Situational awareness is sensing the environment. Things like, which team member is bored, and who's burned out. Which executive loves your project, and who wants to kill it. What's going on in the market, and how your team can deliver on what clients and stakeholders really want.

“The capacity to form relationships that are ‘real’ not just transactional. Sufficient emotional understanding to build collaborative teams that deliver results." Relationship traction, per Karol Wasylyshyn, Are Leaders Born or Made.

Relationship traction is the ability to navigate the interpersonal. Like, negotiating a beef between two departments, recovering after an error, effectively supporting a team member’s promotion.

Industry and organizational norms dictate how you apply method, the situations you're becoming aware of, and the relationships you're navigating. So context matters, a lot.

Management competence is more than a checklist of things to master.


So, the general nature of competence matters.  You've probably heard of the Dunning-Kruger Effect.

Presentation slide: "Poor performers do not (do not is struck through) cannot recognize shortcomings in their expertise or knowledge
From David Dunning's 2019 lecture at U Michigan, Why Ignorance Fails to Recognize Itself

The effect came to public awareness in the early 00s, based on a scholarly article by psychologists Justin Kruger and David Dunning, and the work has continued. To go directly to the source on this topic, here's a start:


Barriers to competence

For poor performers to recognize their ineptitude would require them to possess the very expertise they lack.

We Are All Confident Idiots, David Dunning at Pacific Standard

To be clear, the journey to management competence starts with being not-yet-competent. I cringe when remembering my early people management mistakes.

Self-image, lack of knowledge - including failure to recognize "unknown unknowns," and inaccurate self assessment contribute to this (human) condition.

Self image

Last month, I decided to add Bernadette Henry’s beginner challenge to my exercise routine: jump rope 100 times, 5 days in a row. Well, I had to laugh. I couldn’t jump 10 times, at least not over the turning rope. This wasn’t the first time, or even the second, that my image that "I Am An Athlete" has surprised me, and not in a good way.

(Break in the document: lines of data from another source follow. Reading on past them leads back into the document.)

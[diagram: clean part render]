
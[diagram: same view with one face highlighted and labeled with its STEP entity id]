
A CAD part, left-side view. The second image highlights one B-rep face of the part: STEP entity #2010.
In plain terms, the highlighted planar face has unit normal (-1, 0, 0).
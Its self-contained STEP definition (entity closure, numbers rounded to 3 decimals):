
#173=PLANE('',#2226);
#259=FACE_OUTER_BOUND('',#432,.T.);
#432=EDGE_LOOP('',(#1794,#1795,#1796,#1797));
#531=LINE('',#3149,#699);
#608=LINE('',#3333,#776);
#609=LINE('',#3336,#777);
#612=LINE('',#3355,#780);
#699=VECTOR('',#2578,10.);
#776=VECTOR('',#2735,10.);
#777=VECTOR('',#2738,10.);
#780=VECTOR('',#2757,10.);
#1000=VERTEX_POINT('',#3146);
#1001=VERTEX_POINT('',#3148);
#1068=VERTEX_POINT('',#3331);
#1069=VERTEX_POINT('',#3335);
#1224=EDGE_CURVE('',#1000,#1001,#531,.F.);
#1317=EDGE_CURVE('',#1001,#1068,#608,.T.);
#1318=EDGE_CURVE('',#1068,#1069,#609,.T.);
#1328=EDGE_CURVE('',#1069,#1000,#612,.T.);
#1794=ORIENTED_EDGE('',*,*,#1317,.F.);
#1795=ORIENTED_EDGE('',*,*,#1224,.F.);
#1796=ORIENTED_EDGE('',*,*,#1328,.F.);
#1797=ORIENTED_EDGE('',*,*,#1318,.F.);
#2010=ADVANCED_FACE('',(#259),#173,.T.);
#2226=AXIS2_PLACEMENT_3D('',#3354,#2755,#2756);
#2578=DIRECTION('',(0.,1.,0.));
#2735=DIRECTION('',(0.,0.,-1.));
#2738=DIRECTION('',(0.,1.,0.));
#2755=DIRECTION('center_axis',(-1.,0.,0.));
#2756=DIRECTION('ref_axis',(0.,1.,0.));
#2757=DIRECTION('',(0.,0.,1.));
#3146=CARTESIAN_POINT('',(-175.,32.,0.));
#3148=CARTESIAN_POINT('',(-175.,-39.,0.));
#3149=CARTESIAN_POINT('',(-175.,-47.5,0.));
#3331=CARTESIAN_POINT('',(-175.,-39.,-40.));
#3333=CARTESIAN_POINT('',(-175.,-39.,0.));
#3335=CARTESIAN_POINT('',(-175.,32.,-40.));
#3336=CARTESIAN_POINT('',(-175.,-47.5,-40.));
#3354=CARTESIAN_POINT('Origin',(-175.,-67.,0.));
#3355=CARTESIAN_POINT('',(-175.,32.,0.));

Self-image can stop us from seeing where we need to learn more, or from knowing when we should ask questions (or question our assumptions) before we jump into something.

Lack of knowledge

A friend’s new-to-the workforce relative had a question. A team member hadn’t come to work for a few days: should they write them up? My friend asked, “Did you call to see if they’re okay?” Um, good point.

The classroom and reading are fine ways to learn about well-defined tasks, like setting goals. Much of what you encounter as a manager is more ambiguous; there aren't always rules to guide your decisions.

We don't know what we don't know

Appalachian Mountain Club’s bi-annual journal, Appalachia, includes expert analysis of incidents where emergency responders were called for help, usually in the White Mountains. And where, time after time, people hike into situations they didn’t know enough to prepare for (cw: mountaineering injuries and death.)  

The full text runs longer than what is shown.